In Appendix C, we display the oscillation amplitude versus the νmax, where the color scales are proportional to the stellar effective temperatures, Teff, surface gravity, log g, mass, M, and radius, R, of the sample. We note that similar figures for M are displayed in Vrard et al. (2018). At a given νmax, we see no significant trend between the oscillations’ amplitude, Teff, and log g (see bottom panels of Fig. C.1). On the contrary, the oscillations’ amplitude shows common features with what is observed for SHα and SMg I, such as higher masses leading to lower amplitudes (see the upper panels of Fig. C.1). This is consistent with previous works on oscillating RGs, which have also noticed that the maximum mode amplitude decreases with M (Huber et al. 2010, 2011; Mosser et al. 2011, 2012; Stello et al. 2011; Kallinger et al. 2014; Vrard et al. 2018). The fact that the depths of Hα and Mg I spectral lines are correlated with M and R is not totally surprising because surface magnetic fields must depend – besides stellar rotation rates – on stellar structures in the external convective envelope, which are connected to M and R.
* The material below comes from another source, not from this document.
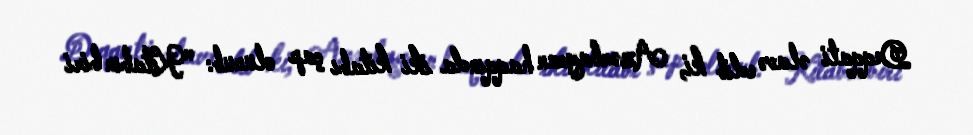
Deqqati əlavə edib ki, Azərbaycan haqqında iki kitabı çap olunub: "Kitabın biri

5. Close binarity: Impact of tidal interactions versus fast rotation

It has been observed that for a given rotation period, RGs in binary systems undergoing spin-orbit resonance or tidal locking exhibit larger S ph $ {S\!}^\prime_{\rm ph} $ (Gaulme et al. 2020) and a larger S-index (Gehan et al. 2022) than single RGs or RGs in binary systems with no special tidal configuration. Since we observe that RGs in close binaries present in average larger values of ΔmNUV, SHα, and SCa II IR (see Fig. 3), we checked here the impact of fast rotation and tidal interactions on these indices. The Pearson correlation coefficients between the aforementioned indices and the rotation period, Prot, as well as the corresponding p values are indicated in Table 3.

Table 3.

Number, N, of RGs with measured Prot, as well as the Pearson correlation coefficients, r, and p values, p.

5.1. Impact of surface rotation

The RGs for which Gaulme et al. (2020) measured Prot are active in the sense that they exhibit spots on their photosphere. We observe that ΔmNUV, SCa II H&K and SCa II IR are anticorrelated with Prot (see Fig. 5). This trend is visible whether including the RGs in close binaries or not, although it is less pronounced when discarding the RGs in close binaries. We also find an anticorrelation between SHα and Prot, but there is no significant anticorrelation or correlation if we consider only the single RGs and discard the stars in close binaries.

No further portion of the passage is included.